▶ _Record excerpts_

──────────────────────────────

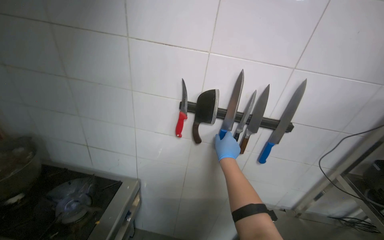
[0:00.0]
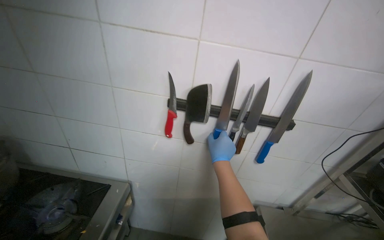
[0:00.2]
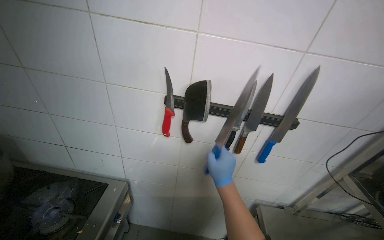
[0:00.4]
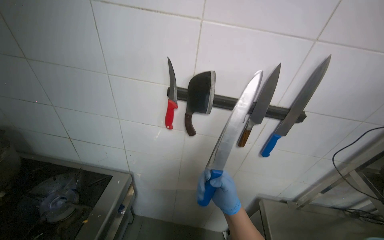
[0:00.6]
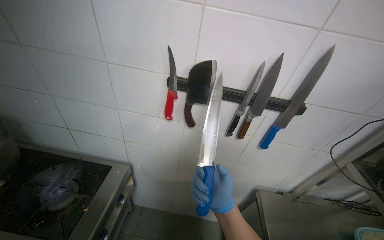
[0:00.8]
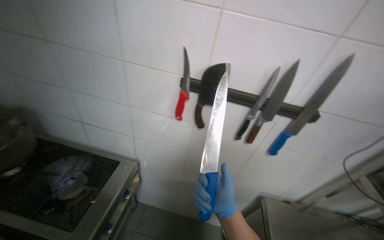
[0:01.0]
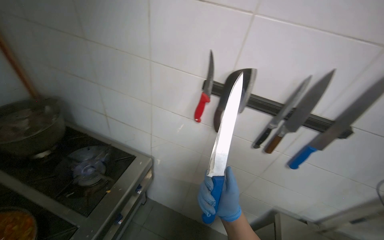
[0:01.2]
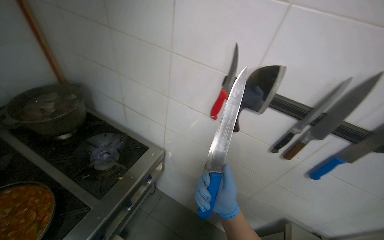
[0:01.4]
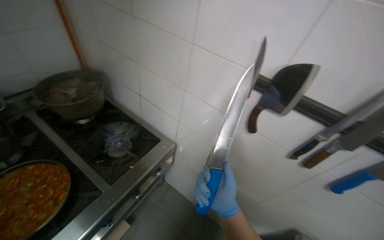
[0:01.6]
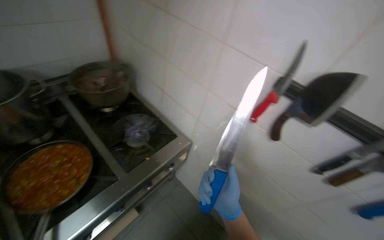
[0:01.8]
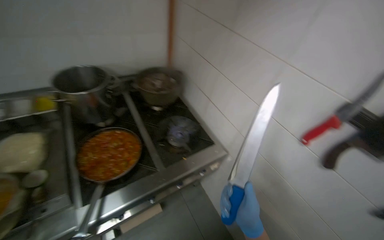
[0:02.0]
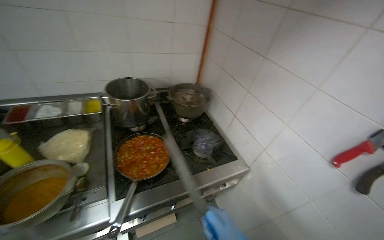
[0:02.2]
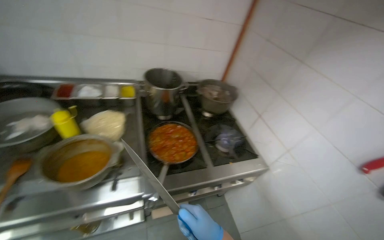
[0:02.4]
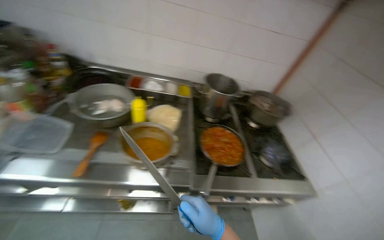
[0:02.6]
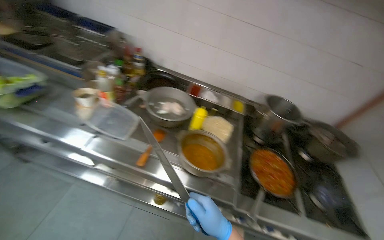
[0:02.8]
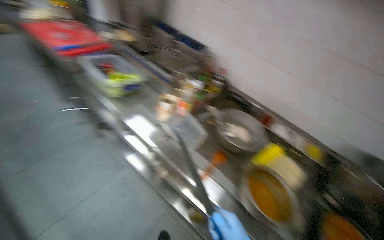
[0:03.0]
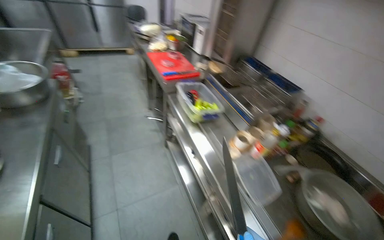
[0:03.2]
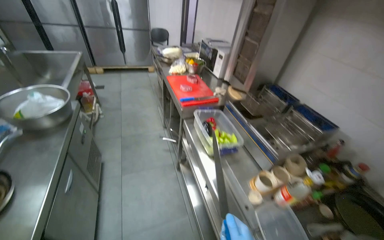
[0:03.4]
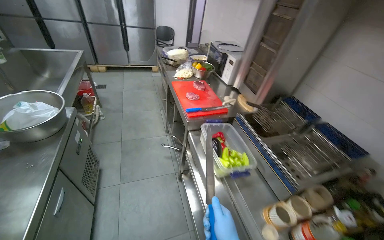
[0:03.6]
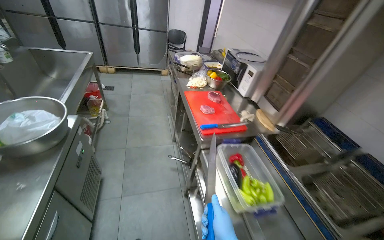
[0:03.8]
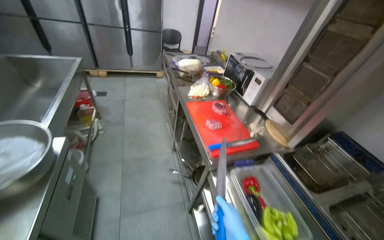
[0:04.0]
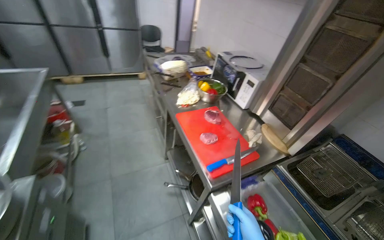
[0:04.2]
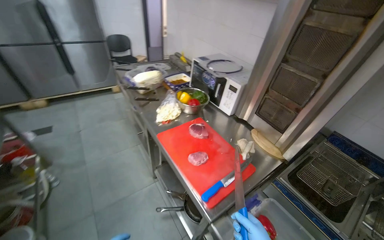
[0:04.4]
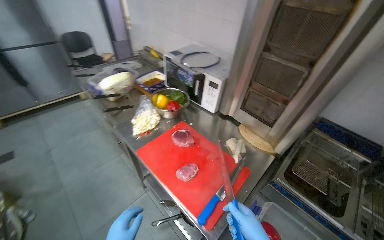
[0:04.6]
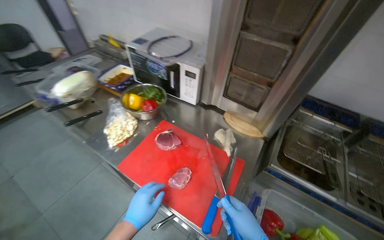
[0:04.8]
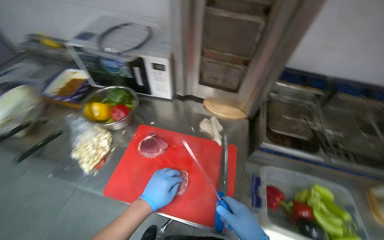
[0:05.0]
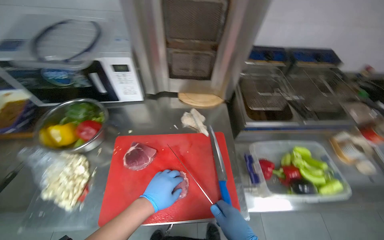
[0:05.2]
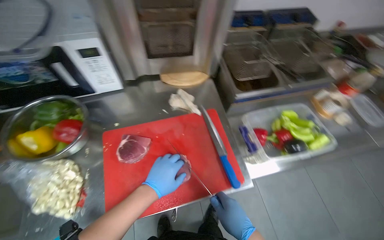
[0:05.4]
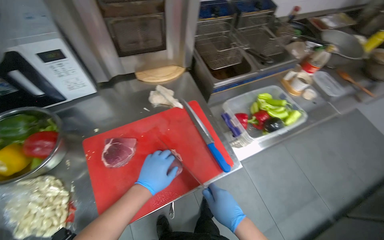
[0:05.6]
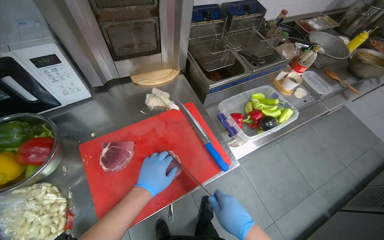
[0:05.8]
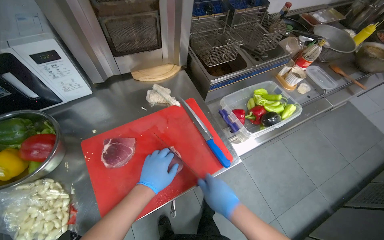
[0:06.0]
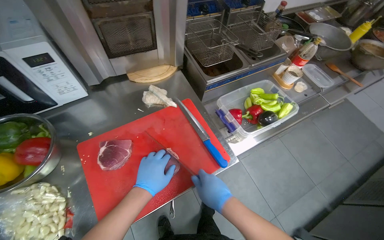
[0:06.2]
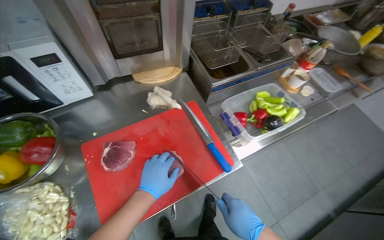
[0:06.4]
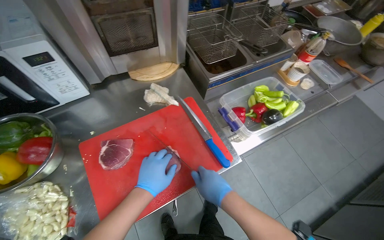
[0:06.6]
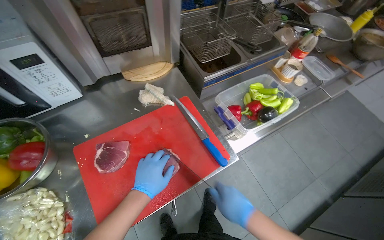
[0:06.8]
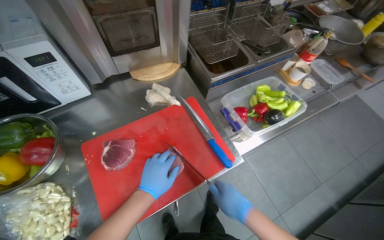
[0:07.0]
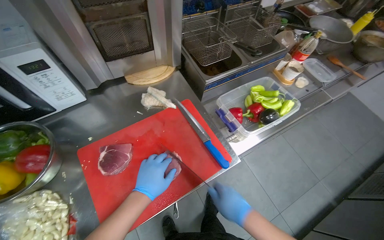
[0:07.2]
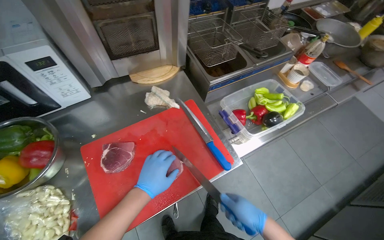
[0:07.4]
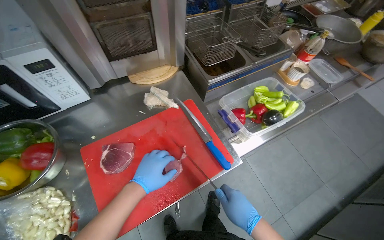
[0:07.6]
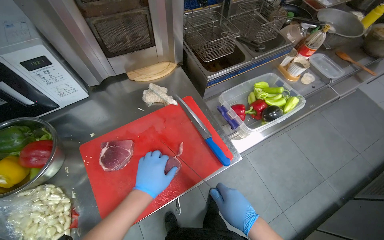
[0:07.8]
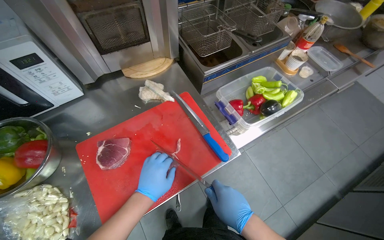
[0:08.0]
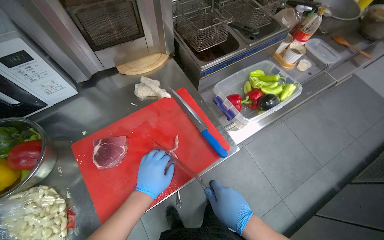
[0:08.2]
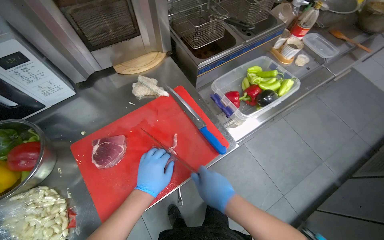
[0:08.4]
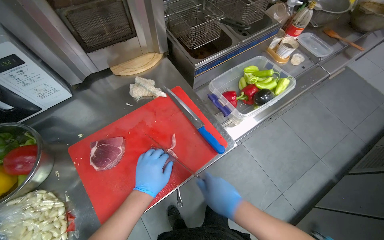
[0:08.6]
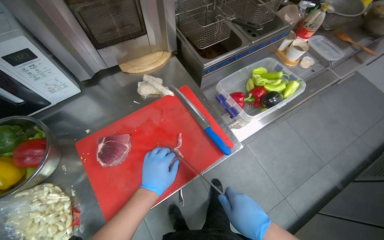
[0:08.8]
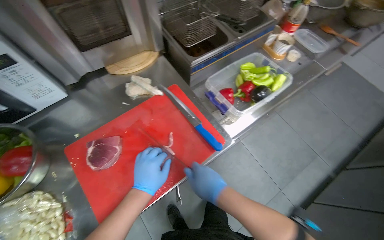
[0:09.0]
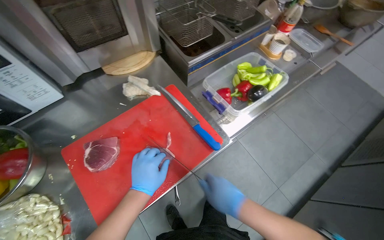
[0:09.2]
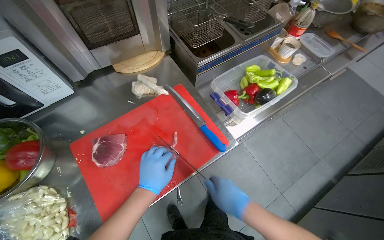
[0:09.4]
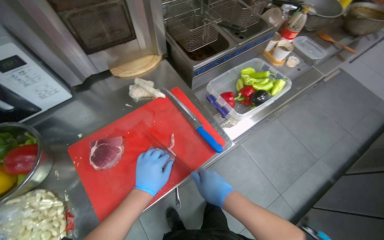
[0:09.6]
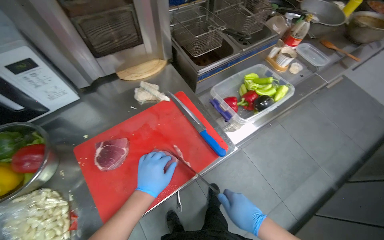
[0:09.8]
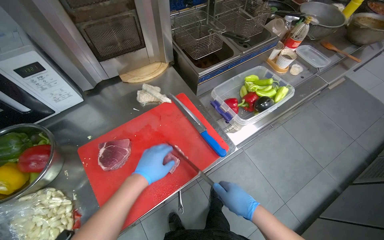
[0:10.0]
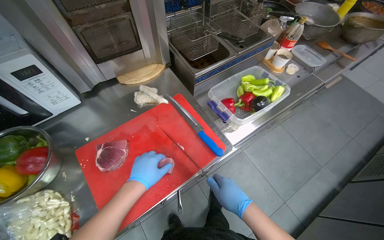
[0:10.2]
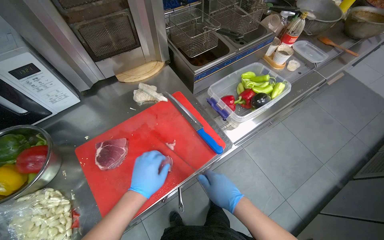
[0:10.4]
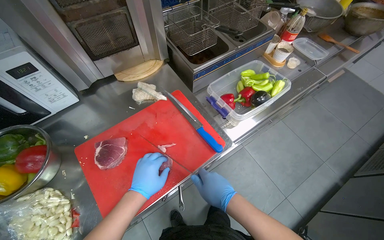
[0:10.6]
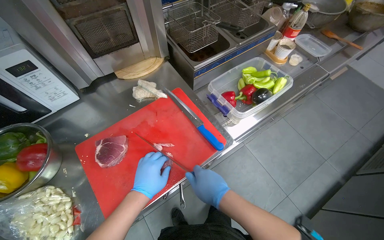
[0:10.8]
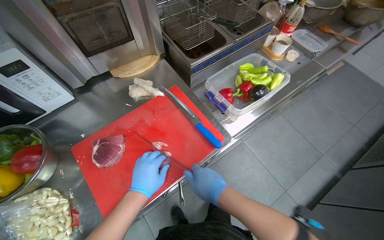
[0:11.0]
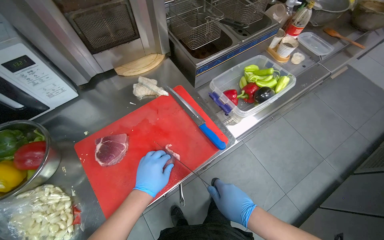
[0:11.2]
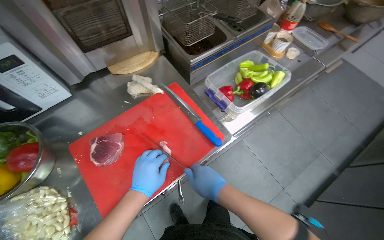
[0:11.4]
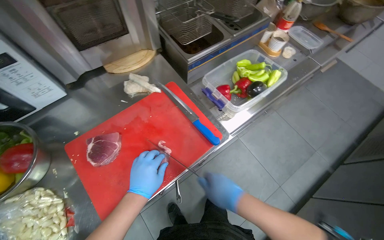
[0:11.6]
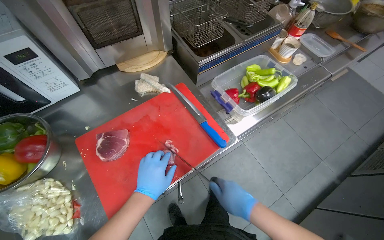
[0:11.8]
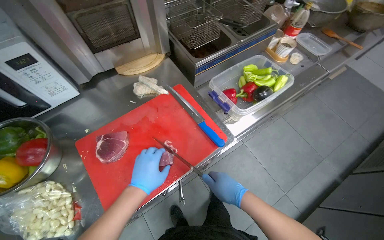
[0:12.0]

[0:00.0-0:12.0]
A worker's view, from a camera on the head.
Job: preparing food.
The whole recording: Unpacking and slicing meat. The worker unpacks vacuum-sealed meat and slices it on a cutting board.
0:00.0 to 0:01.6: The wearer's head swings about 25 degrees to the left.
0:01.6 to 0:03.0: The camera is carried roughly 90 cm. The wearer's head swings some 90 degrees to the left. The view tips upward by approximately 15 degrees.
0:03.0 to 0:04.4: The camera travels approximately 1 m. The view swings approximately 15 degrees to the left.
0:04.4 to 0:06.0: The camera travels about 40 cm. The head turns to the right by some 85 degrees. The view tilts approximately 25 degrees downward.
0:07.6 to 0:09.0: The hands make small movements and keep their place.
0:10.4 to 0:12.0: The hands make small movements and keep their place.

──────────────────────────────

Please reproduce the entries from above exactly; images are not part of the copy.

▶ _Task solution_
[0:00.0]
[0:00.2]
[0:00.4]
[0:00.6]
[0:00.8]
[0:01.0]
[0:01.2]
[0:01.4]
[0:01.6]
[0:01.8]
[0:02.0]
[0:02.2]
[0:02.4]
[0:02.6]
[0:02.8]
[0:03.0]
[0:03.2]
[0:03.4]
[0:03.6]
[0:03.8]
[0:04.0]
[0:04.2]
[0:04.4]
[0:04.6]
[0:04.8]
[0:05.0]
[0:05.2]
[0:05.4]
[0:05.6]
[0:05.8]
[0:06.0]
[0:06.2]
[0:06.4]
[0:06.6]
[0:06.8]
[0:07.0]
[0:07.2]
[0:07.4]
[0:07.6]
[0:07.8]
[0:08.0]
[0:08.2]
[0:08.4]
[0:08.6]
[0:08.8]
[0:09.0]
[0:09.2]
[0:09.4]
[0:09.6]
[0:09.8]
[0:10.0]
[0:10.2]
[0:10.4]
[0:10.6]
[0:10.8]
[0:11.0]
[0:11.2]
[0:11.4]
[0:11.6]
[0:11.8]
[0:12.0]

[0:00.0-0:12.0]
A worker's view, from a camera on the head.
Job: preparing food.
The whole recording: Unpacking and slicing meat. The worker unpacks vacuum-sealed meat and slices it on a cutting board.
0:00.0 to 0:01.6: The wearer's head swings about 25 degrees to the left.
0:01.6 to 0:03.0: The camera is carried roughly 90 cm. The wearer's head swings some 90 degrees to the left. The view tips upward by approximately 15 degrees.
0:03.0 to 0:04.4: The camera travels approximately 1 m. The view swings approximately 15 degrees to the left.
0:04.4 to 0:06.0: The camera travels about 40 cm. The head turns to the right by some 85 degrees. The view tilts approximately 25 degrees downward.
0:07.6 to 0:09.0: The hands make small movements and keep their place.
0:10.4 to 0:12.0: The hands make small movements and keep their place.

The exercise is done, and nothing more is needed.